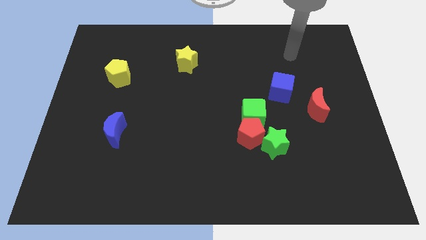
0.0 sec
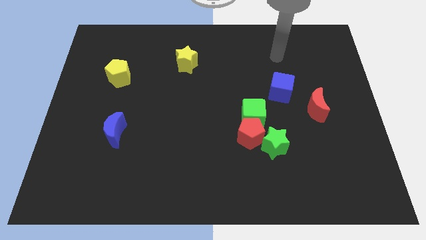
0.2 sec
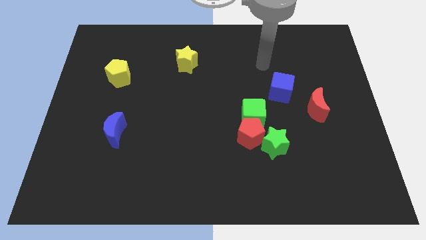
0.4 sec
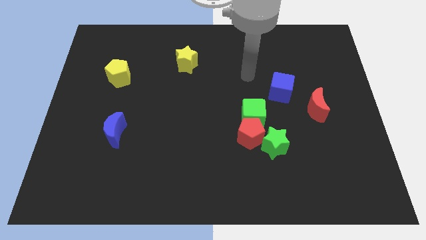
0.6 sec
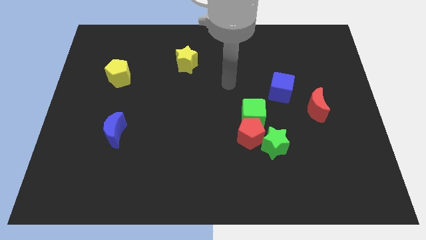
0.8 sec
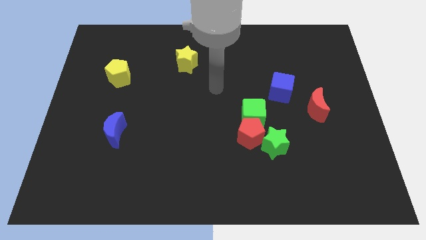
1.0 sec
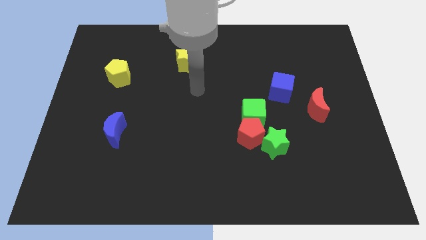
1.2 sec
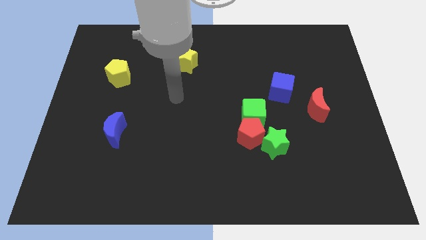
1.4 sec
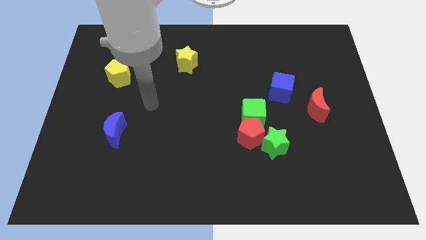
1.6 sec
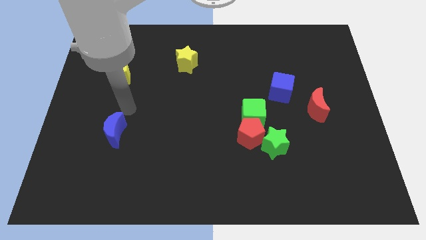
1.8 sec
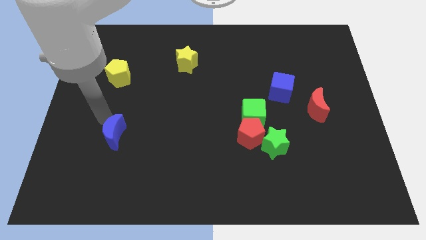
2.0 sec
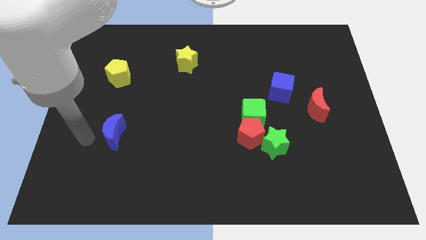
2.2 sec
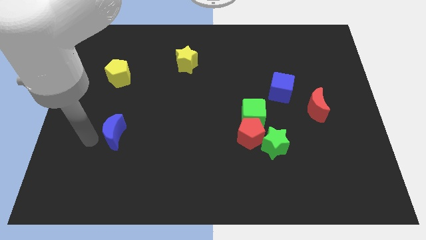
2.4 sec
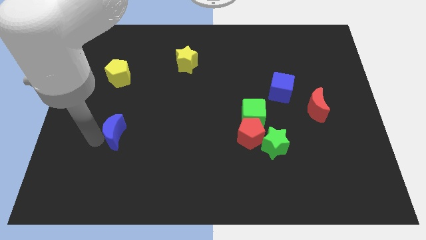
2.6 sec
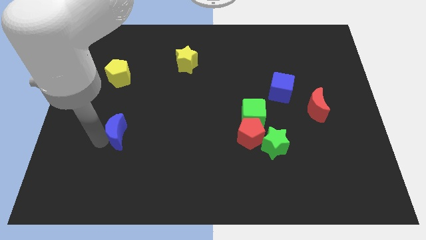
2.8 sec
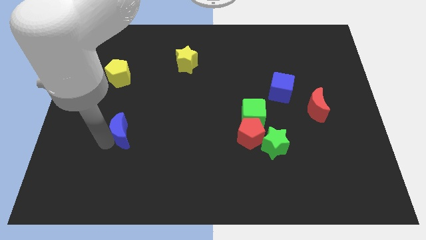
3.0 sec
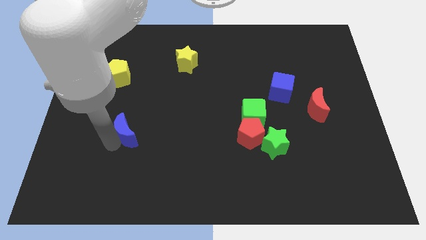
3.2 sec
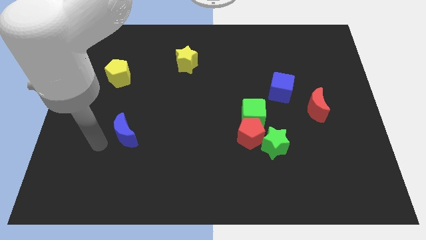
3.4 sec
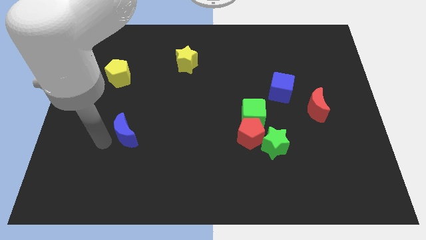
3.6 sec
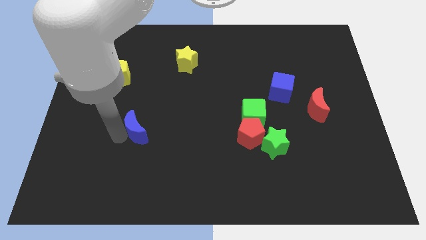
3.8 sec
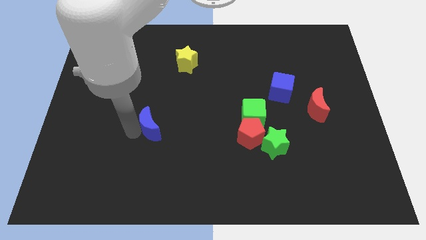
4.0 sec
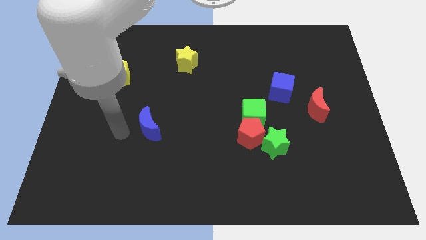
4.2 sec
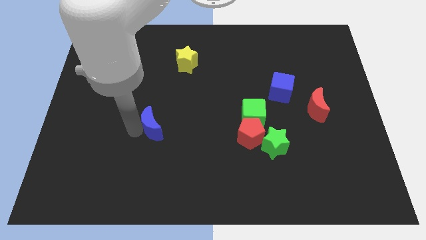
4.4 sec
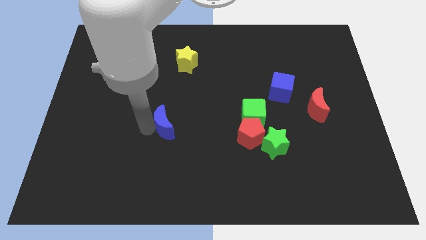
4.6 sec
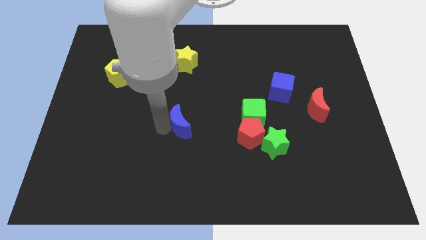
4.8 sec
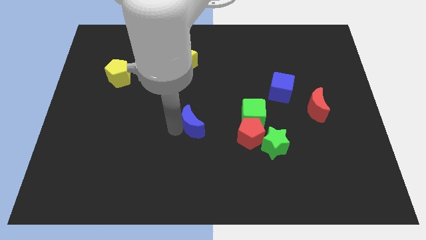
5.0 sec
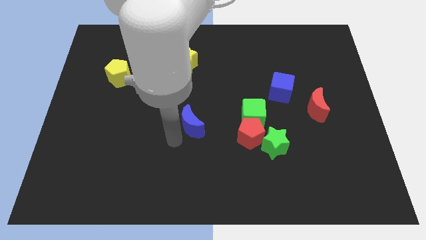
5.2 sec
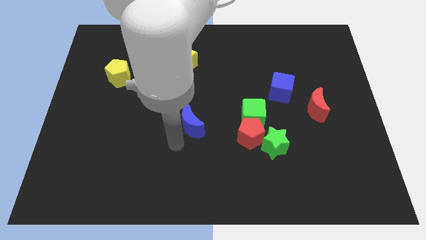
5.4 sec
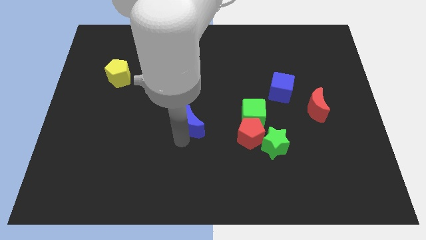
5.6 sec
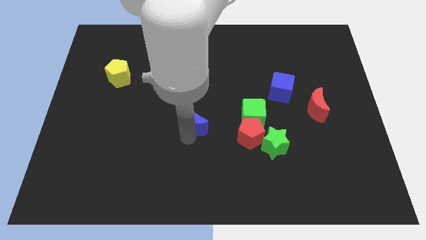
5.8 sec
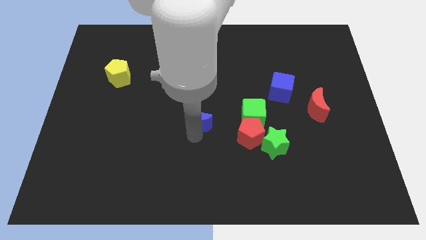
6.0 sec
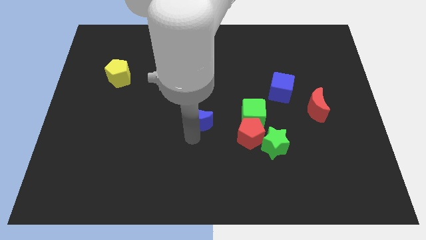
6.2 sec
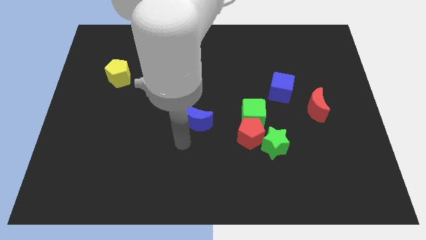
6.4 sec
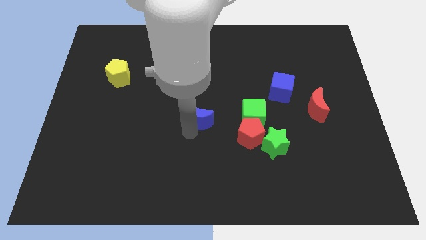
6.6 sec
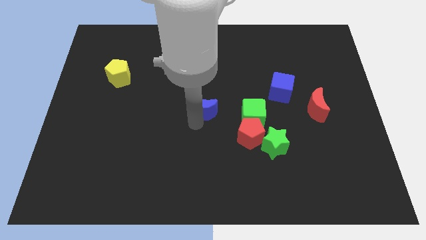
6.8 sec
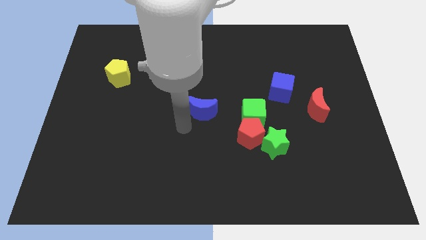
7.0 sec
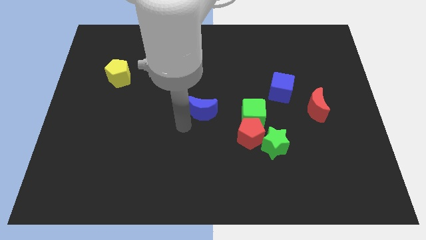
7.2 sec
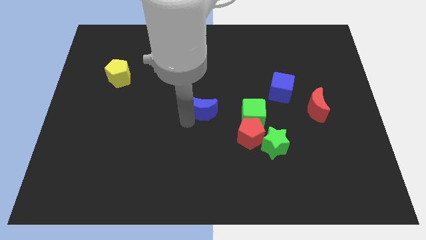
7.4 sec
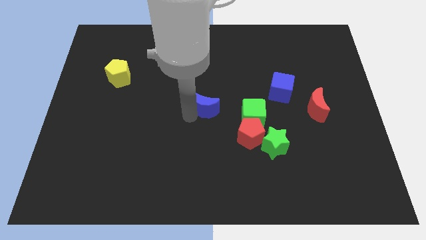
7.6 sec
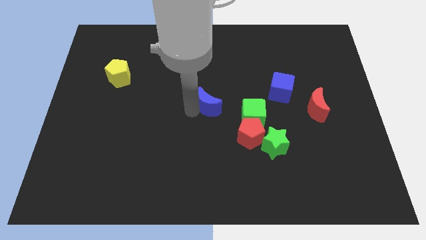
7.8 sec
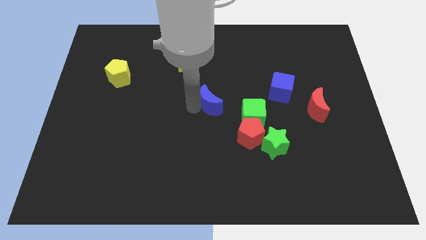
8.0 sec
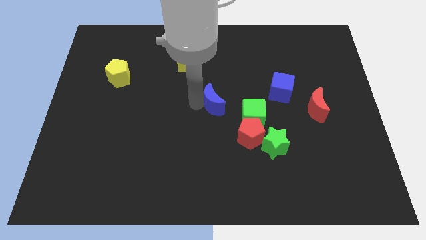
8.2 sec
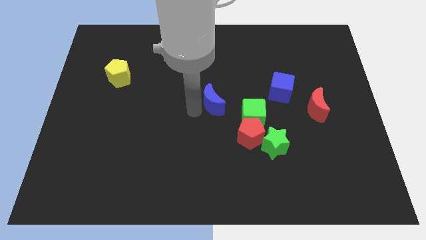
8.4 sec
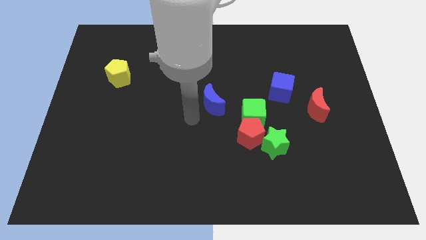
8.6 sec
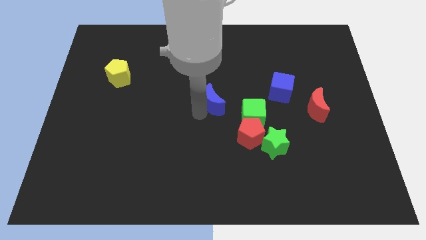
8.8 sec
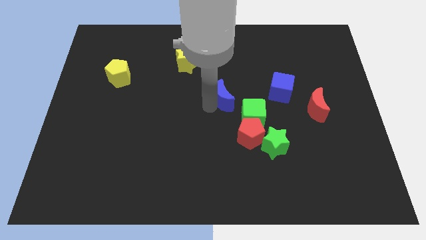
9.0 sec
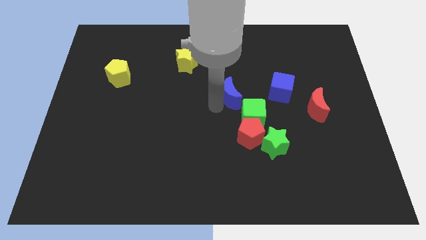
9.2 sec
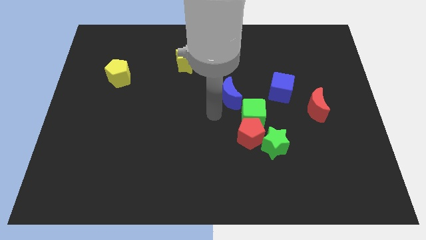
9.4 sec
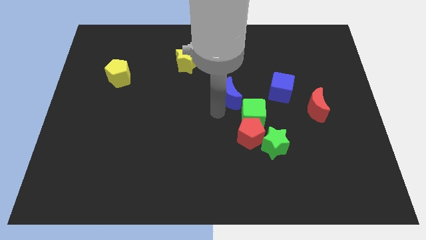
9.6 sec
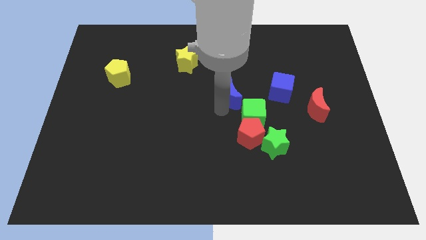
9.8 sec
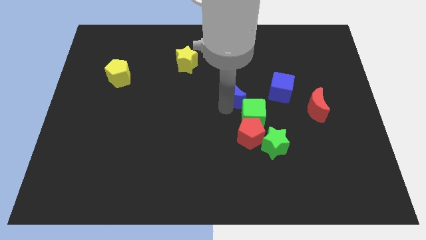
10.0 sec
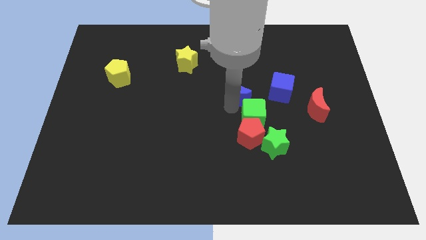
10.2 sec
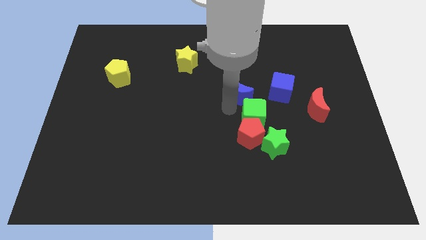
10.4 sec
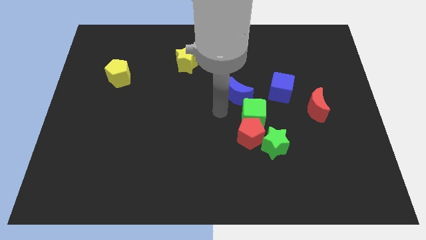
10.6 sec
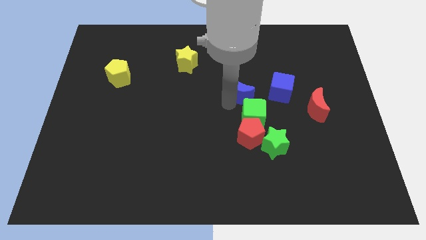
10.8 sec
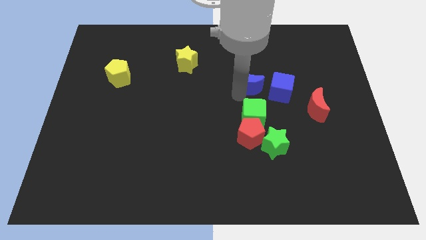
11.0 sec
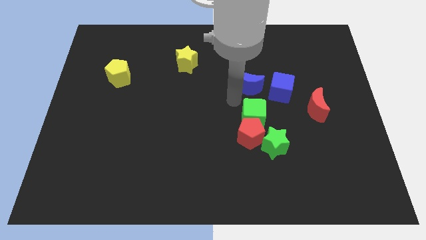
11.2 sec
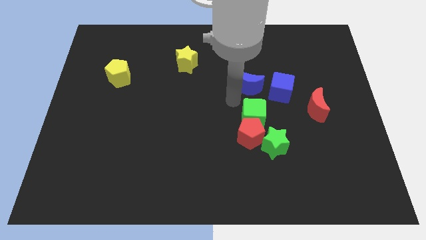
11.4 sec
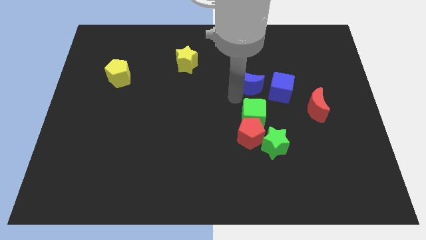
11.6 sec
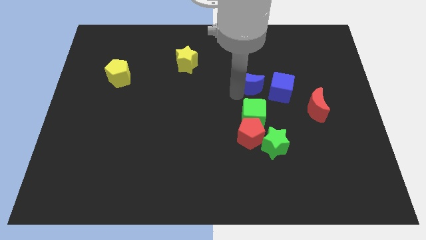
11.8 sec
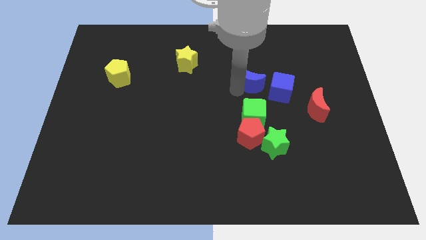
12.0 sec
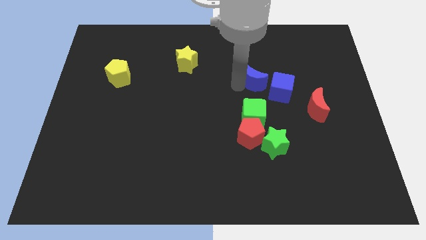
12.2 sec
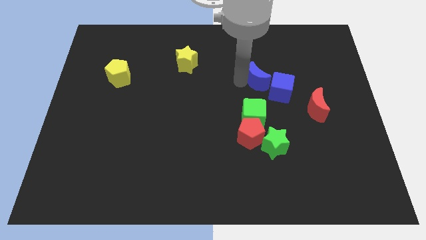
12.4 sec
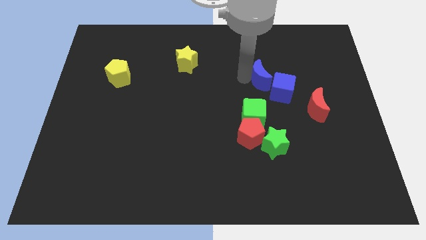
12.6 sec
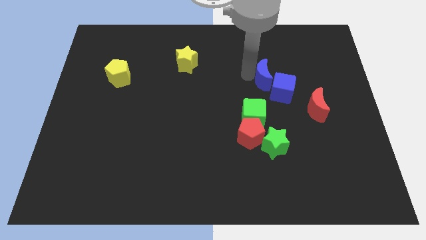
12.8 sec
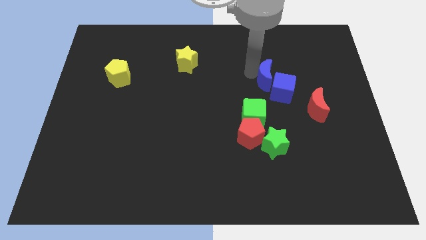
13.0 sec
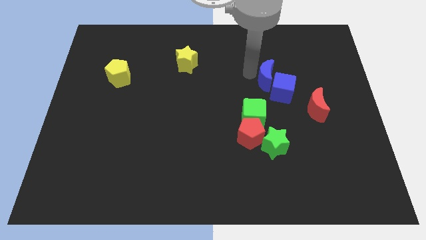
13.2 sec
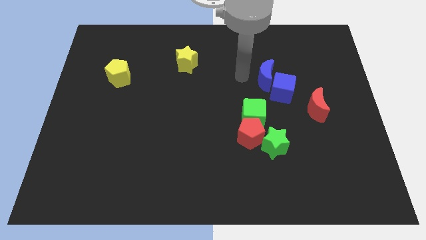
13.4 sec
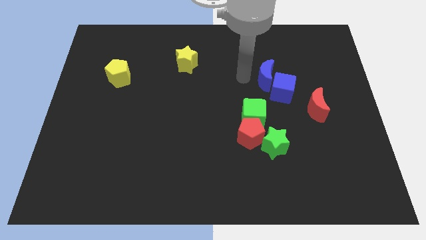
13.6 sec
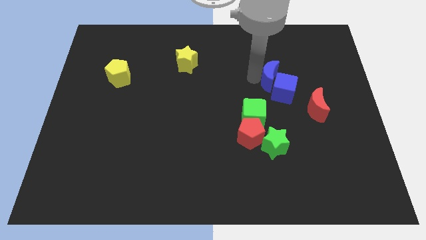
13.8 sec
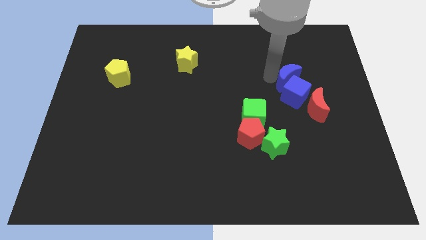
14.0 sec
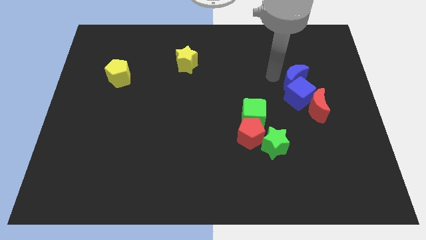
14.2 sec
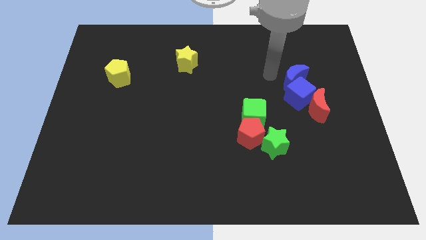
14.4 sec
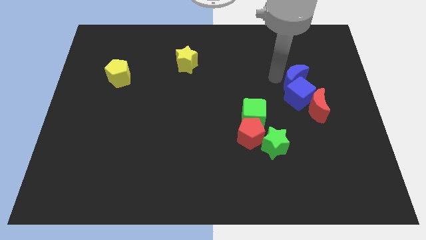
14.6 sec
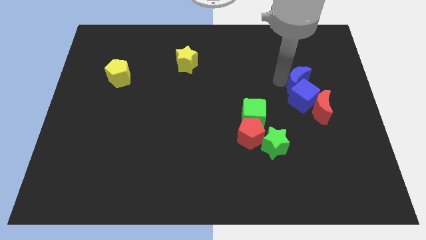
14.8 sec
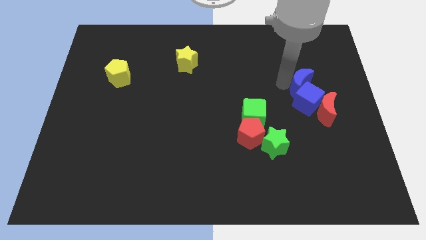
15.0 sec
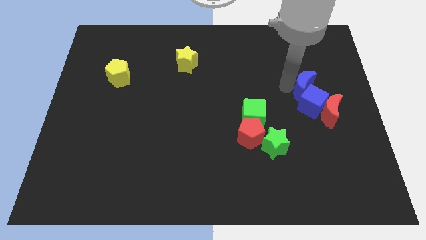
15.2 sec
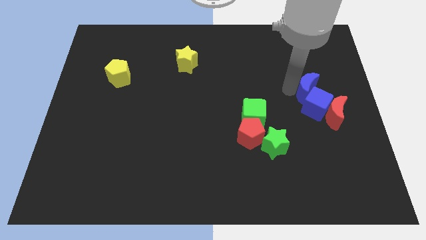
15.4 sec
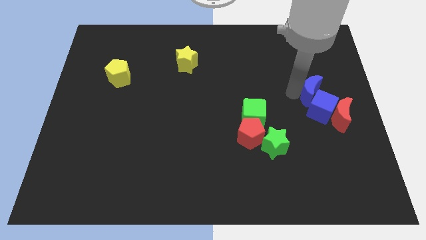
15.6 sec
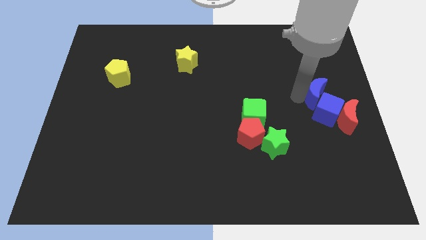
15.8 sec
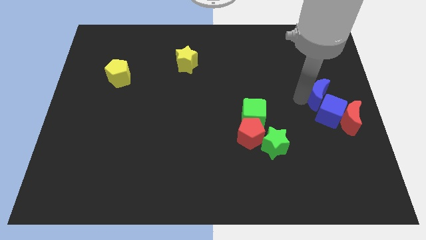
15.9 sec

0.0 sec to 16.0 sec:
push the blue moon to the right side

——

PROBLEM DETAILS: Print the listing again exactly as it appears, except for the pictures, which stay out.

WRITTEN ANSWER:
0.0 sec
0.2 sec
0.4 sec
0.6 sec
0.8 sec
1.0 sec
1.2 sec
1.4 sec
1.6 sec
1.8 sec
2.0 sec
2.2 sec
2.4 sec
2.6 sec
2.8 sec
3.0 sec
3.2 sec
3.4 sec
3.6 sec
3.8 sec
4.0 sec
4.2 sec
4.4 sec
4.6 sec
4.8 sec
5.0 sec
5.2 sec
5.4 sec
5.6 sec
5.8 sec
6.0 sec
6.2 sec
6.4 sec
6.6 sec
6.8 sec
7.0 sec
7.2 sec
7.4 sec
7.6 sec
7.8 sec
8.0 sec
8.2 sec
8.4 sec
8.6 sec
8.8 sec
9.0 sec
9.2 sec
9.4 sec
9.6 sec
9.8 sec
10.0 sec
10.2 sec
10.4 sec
10.6 sec
10.8 sec
11.0 sec
11.2 sec
11.4 sec
11.6 sec
11.8 sec
12.0 sec
12.2 sec
12.4 sec
12.6 sec
12.8 sec
13.0 sec
13.2 sec
13.4 sec
13.6 sec
13.8 sec
14.0 sec
14.2 sec
14.4 sec
14.6 sec
14.8 sec
15.0 sec
15.2 sec
15.4 sec
15.6 sec
15.8 sec
15.9 sec

0.0 sec to 16.0 sec:
push the blue moon to the right side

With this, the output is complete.